More information about Rego

The preceding information provides the unique features of Policy Controller that make it easy to write constraints on Kubernetes resources in Rego. A full tutorial about how to write in Rego is out of scope for this guide. However, Open Policy Agent's documentation has information on the syntax and features of the Rego language itself.

Install your constraint template

After you've created your constraint template, use kubectl apply to apply it, and Policy Controller takes care of ingesting it. Be sure to check the status field of your constraint template to make sure that there were no errors instantiating it. On successful ingestion, the status field should show created: true and the observedGeneration noted in the status field should equal the metadata.generation field.
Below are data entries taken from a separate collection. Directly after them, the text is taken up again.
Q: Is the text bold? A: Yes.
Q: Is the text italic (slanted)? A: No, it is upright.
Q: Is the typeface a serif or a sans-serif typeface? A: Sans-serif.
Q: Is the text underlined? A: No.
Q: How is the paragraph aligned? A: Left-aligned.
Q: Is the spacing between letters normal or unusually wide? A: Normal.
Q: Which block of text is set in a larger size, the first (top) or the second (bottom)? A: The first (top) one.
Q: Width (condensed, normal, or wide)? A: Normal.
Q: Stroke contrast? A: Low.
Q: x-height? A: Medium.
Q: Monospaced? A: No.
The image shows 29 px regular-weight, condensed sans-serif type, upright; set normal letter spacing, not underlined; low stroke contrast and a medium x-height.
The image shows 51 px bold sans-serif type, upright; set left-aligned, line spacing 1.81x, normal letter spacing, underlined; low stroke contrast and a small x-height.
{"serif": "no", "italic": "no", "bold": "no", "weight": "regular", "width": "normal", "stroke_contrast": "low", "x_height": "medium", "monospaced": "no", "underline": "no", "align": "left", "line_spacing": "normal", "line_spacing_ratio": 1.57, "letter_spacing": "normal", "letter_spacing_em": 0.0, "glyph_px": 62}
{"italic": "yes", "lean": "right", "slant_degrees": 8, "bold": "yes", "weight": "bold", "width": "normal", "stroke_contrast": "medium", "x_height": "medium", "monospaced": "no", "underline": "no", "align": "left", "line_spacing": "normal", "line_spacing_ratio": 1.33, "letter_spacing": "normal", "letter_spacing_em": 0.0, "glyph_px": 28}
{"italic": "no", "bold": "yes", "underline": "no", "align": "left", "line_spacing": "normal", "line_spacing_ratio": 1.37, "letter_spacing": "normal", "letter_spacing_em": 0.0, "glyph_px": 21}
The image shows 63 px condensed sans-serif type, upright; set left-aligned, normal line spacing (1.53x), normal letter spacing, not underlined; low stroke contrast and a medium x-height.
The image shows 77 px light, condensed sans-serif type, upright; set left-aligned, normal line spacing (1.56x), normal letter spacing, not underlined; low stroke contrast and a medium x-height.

After the template is ingested, you can apply constraints for it as described in Creating constraints.

Remove a constraint template

To remove a constraint template, complete the following steps:

  1. Verify that no constraints that you want to preserve are using the constraint template:

    kubectl get TEMPLATE_NAME
    

    If there's a naming conflict between the constraint template's name and a different object in the cluster, use the following command instead:

    kubectl get TEMPLATE_NAME.constraints.gatekeeper.sh
    
  2. Remove the constraint template:

    kubectl delete constrainttemplate CONSTRAINT_TEMPLATE_NAME
    

When you remove a constraint template, you can no longer create constraints that reference it.